On parle prix, rendement, fiscalité… et on oublie souvent le change. Pourtant, pour un investisseur en euros, c’est un paramètre bien réel.
Trois monnaies en jeu
En République Dominicaine, la monnaie officielle est le peso dominicain (DOP), mais beaucoup de transactions immobilières et de loyers sont référencés en dollars (USD). Vous, vous raisonnez en euros. Ces trois devises se croisent à chaque étape : achat, loyers, charges, revente.
Où le change vous touche
- Au transfert des fonds pour l’achat : taux de change et frais appliqués par votre banque ou votre prestataire.
- Sur les loyers : perçus en pesos ou en dollars, puis reconvertis en euros — avec un coût et une variabilité.

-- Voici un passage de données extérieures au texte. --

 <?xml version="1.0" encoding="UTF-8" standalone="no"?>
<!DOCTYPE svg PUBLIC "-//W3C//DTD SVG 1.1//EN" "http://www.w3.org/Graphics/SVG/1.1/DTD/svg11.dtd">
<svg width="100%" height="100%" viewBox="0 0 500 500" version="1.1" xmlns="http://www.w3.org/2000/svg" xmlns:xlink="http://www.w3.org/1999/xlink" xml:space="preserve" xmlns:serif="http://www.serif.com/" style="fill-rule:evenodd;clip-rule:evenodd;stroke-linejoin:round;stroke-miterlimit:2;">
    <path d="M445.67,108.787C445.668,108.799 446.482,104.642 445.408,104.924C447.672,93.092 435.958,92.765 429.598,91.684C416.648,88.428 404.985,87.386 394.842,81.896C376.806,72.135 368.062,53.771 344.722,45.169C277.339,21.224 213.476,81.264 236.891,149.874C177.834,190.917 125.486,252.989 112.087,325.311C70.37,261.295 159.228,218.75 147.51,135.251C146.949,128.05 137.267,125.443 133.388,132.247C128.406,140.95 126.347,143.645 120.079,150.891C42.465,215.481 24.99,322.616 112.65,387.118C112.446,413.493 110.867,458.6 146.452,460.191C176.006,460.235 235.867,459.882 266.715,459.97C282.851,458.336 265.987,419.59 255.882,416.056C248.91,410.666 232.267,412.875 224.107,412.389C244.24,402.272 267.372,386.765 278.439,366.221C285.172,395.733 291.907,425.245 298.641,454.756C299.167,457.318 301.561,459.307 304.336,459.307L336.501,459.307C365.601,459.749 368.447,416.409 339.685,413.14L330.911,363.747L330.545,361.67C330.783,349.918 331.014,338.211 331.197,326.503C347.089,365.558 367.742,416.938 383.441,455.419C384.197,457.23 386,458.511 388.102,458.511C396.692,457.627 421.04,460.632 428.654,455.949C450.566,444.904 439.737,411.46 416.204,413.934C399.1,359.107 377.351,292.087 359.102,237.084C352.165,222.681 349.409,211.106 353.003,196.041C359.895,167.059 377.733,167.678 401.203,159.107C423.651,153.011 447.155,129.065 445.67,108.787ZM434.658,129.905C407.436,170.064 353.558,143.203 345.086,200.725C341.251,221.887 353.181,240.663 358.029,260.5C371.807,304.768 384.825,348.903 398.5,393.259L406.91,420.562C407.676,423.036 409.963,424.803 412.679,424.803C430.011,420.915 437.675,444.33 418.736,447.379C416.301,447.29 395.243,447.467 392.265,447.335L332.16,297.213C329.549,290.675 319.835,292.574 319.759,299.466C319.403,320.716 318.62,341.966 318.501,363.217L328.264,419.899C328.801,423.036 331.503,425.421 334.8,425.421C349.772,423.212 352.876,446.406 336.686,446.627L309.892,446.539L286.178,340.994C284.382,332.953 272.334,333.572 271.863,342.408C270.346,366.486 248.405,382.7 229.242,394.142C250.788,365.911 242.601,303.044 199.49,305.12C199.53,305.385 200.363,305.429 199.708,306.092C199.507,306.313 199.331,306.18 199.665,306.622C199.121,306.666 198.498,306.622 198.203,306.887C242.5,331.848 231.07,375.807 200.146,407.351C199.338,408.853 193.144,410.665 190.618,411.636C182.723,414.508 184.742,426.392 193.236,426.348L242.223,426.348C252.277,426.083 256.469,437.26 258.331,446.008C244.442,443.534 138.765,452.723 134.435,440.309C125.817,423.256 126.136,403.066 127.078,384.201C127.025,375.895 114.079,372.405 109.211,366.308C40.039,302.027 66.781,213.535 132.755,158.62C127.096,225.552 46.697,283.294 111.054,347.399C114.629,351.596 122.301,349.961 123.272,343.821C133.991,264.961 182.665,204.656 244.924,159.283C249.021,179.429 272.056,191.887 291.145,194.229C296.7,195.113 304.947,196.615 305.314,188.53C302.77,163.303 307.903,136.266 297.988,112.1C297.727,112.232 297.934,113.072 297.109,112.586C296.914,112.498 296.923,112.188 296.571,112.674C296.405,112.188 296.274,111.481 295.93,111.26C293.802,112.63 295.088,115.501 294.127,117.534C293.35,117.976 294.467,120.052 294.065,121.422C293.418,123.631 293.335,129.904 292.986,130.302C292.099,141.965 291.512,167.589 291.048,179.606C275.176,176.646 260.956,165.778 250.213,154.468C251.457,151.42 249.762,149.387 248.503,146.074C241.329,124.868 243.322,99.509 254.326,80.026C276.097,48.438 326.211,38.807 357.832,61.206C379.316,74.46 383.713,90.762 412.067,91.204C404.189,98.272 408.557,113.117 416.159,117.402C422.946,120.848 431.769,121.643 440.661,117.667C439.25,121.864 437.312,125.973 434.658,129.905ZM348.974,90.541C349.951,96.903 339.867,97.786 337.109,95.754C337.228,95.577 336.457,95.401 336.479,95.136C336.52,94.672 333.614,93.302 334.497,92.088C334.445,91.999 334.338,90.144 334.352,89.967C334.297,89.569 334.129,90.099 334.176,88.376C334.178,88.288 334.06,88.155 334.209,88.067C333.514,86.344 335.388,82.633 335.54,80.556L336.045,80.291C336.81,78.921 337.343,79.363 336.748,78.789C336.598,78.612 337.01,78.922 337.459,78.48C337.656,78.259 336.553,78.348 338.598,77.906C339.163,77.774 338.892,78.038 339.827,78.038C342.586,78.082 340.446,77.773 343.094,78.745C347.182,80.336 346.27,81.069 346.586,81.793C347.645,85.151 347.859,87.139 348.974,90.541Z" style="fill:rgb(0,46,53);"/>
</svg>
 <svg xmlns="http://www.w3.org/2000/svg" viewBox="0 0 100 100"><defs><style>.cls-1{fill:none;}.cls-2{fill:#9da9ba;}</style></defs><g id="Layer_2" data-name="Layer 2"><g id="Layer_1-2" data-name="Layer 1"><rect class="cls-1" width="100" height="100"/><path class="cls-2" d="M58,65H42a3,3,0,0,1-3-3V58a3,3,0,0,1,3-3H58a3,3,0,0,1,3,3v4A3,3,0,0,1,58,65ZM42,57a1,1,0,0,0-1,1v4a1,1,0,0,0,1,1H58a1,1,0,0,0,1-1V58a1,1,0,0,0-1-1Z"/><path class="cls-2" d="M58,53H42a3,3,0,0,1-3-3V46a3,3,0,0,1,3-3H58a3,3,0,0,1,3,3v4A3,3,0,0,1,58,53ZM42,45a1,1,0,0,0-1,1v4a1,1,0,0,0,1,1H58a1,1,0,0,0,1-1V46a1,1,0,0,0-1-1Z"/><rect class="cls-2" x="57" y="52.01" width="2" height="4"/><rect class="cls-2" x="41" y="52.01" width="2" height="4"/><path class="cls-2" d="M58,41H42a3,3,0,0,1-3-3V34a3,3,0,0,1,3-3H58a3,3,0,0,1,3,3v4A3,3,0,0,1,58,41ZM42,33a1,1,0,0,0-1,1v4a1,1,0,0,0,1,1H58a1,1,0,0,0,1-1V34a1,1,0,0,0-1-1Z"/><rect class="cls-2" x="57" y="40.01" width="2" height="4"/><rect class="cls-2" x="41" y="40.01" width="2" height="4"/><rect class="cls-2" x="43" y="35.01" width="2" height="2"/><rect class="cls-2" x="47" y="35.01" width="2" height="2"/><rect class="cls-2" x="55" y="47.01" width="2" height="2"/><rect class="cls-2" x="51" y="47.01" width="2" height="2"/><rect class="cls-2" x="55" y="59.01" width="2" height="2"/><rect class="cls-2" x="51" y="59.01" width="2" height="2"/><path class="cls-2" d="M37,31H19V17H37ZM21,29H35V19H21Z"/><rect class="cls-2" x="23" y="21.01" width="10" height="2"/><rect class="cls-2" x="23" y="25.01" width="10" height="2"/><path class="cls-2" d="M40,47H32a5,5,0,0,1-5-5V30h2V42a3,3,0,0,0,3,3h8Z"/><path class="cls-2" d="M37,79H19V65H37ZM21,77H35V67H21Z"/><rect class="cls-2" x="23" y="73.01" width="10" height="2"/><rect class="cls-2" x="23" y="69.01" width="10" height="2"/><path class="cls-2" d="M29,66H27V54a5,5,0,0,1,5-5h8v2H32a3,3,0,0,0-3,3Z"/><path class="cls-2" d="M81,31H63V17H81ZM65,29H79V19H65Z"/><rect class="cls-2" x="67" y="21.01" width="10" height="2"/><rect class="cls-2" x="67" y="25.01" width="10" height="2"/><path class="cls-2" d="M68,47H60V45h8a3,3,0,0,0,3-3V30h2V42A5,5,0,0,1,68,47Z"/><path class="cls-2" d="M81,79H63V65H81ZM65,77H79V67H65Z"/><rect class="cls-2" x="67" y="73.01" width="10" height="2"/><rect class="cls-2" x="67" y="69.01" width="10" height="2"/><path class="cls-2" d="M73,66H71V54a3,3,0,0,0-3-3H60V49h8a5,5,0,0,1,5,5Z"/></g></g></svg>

- Au rapatriement : modalités et frais de transfert vers la France.
Sur un budget de plusieurs centaines de milliers d’euros, un écart de change n’est pas neutre : il s’ajoute aux frais d’acquisition.
Comment limiter le coût
- Comparez les solutions de transfert (banques classiques vs prestataires spécialisés).
- Regroupez les opérations plutôt que de multiplier les petits transferts.
- Surveillez le taux : un transfert important gagne à être bien timé.
- Voyez si ouvrir un compte local facilite la gestion (voir ouvrir un compte bancaire en RD).
Le bon réflexe
Intégrez le change à votre calcul de rendement net en euros, pas seulement le loyer affiché en pesos ou en dollars. C’est le genre de détail qui sépare une projection théorique d’un rendement réellement encaissé.
Information indicative 2026, ni conseil financier, ni conseil de change. Les taux et frais varient ; comparez au cas par cas.